Some attributes can be both input and output. These attributes are specified by the client but can be modified or overridden by the service, for example, when the service finds a more optimal sequence than the one specified.

Learn more about attributes supported by stop features

Layer definition

As shown above, for online routing you can define stops by providing the actual locations for each stop. An alternative is to specify them using a layer definition. This is useful when you already have a set of well-known or commonly used stops stored along with the network analysis service. In such cases, the application does not need to know the actual details about each stop. All it needs to do is set up a layer definition specifying which stops should be included in the analysis.

A layer definition is represented by an object of the NAFeaturesAsLayer class. You can use SQL statements and spatial relationships to specify which stops should be used in the analysis. For example, the following code snippets set up a layer definition referencing features that fall within the City of Los Angeles and have a value of Overnight for the delivery_type attribute.

EsriRuntimeQt::NAFeaturesAsLayer* naLayer = new EsriRuntimeQt::NAFeaturesAsLayer(this);
// Set layer name with the layer in the service containing stops
// Set where clause for 'Overnight' delivery_type
// Set routing layer stops on OnlineRouteParameters object

Using a layer definition is only supported when solving with an OnlineRouteTask. The stops for a LocalRouteTask must be specified by value using the NAFeaturesAsFeatures class.


Barriers represent ad hoc restrictions that must be taken into consideration when calculating a route. A barrier can specify a set of roads or a region that must be completely avoided by the route, for example, a bridge that may be closed due to construction work. Some barriers may permit travel through them albeit at an added cost. For example, an accident on a freeway may temporarily slow down traffic. This can be represented by a barrier that allows travel along the freeway but increases the required travel time.

Barriers as features

You can create an array of NAFeaturesAsFeatures objects representing barrier features and populate each feature with a geometry representing the barrier's location and shape. The geometry can be a point, polyline, or polygon. You can then assign these barrier features to the parameter object using pointBarriers, polylineBarriers, or polygonBarriers depending on the feature's assigned geometry type.


Create separate arrays for point, polyline, and polygon barriers.

A barrier can also have additional attributes depending on how the route layer in the Network Analyst service is configured. These attributes are listed in the Network Analysis Classes > Class Name: Barriers, PolylineBarriers, PolygonBarriers section in the Services Directory. Attributes can be of type input (specified by the client), output (returned by the server), or both.

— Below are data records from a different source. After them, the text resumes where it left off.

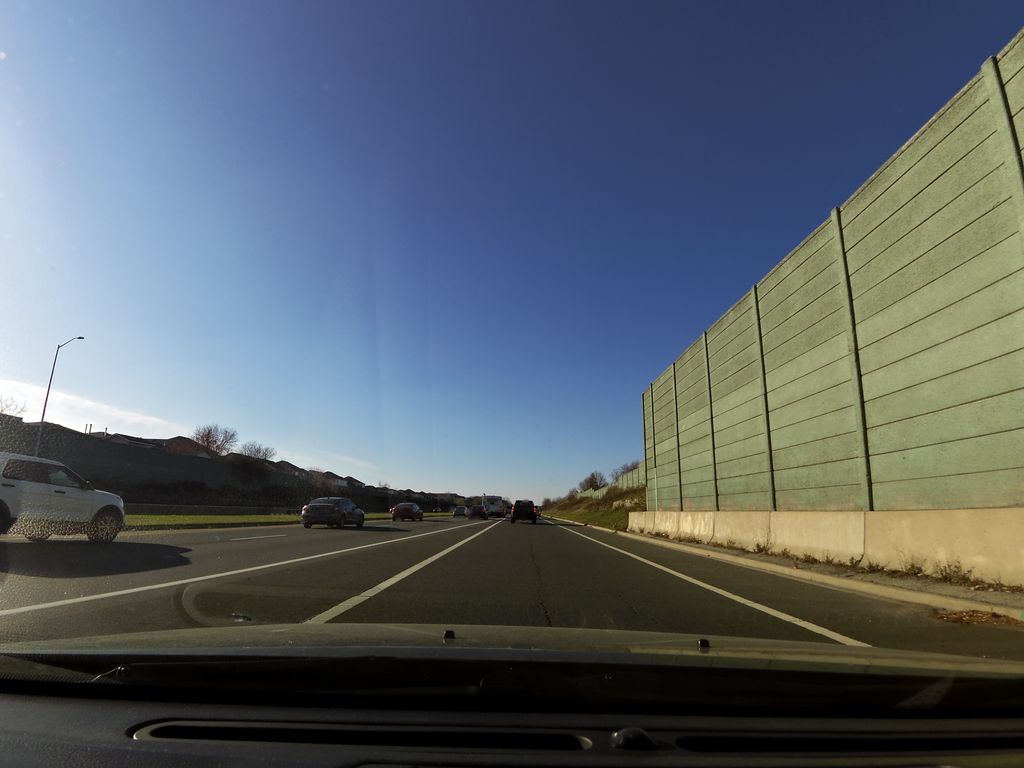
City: hamilton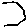
Label: hexagon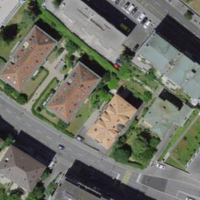
EUNIS habitat code: 54
Species observed at this site:
Cichorium intybus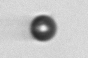
Label: bead
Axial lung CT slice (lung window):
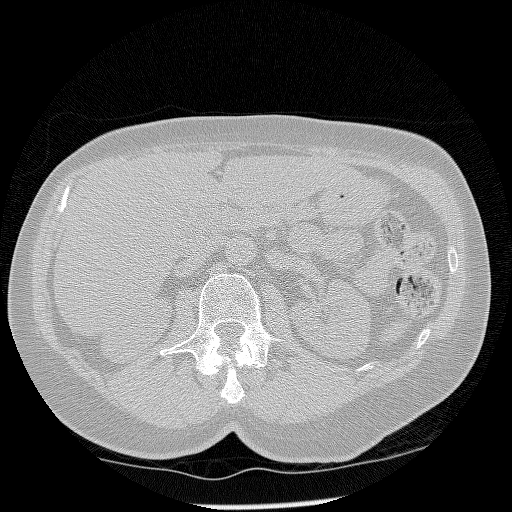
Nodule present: no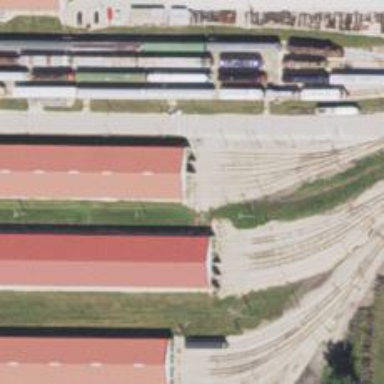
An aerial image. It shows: Preserved railway yard with electrified contact lines. There is building passage tunnel serving the yard.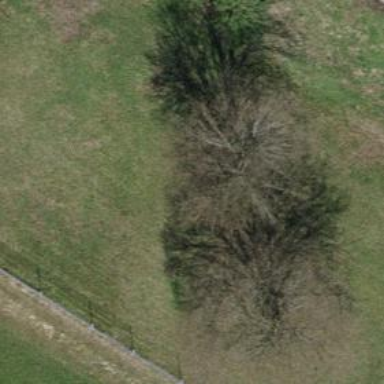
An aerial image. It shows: Beautiful tree in nature.

Learn more about barriers and the attributes supported by point, polyline, and polygon barriers

Time windows

A time window specifies a period of time within which a stop should be visited by a route. For example, if you make appointments to meet several customers at different locations, enable time windows in the analysis and specify a time window for each location to get a route that allows you to keep your appointments.

Learn more about time windows

To enable time windows in your analysis, do the following:

  • Enable the useTimeWindows property on RouteTaskParameters.
  • Specify the departure time from the origin using the setStartTime property on RouteTaskParameters.
  • Assign a time window to each stop.

Drive directions

The Route task can also return turn-by-turn driving directions for the route if you enable setReturnDirections on RouteTaskParameters. Specify the distance units to use (miles, kilometers, and so on) through the setDirectionsLengthUnit property and, depending on the languages supported by the service, specify which language to use through the setDirectionsLanguage property.

Result options

Ignore invalid locations

Enabling the setIgnoreInvalidLocations property allows the Route task to return a route even if some stops are invalid, for example, if they're not reachable on the underlying transportation network. If this property is disabled, the Route task returns an error even if one stop is invalid.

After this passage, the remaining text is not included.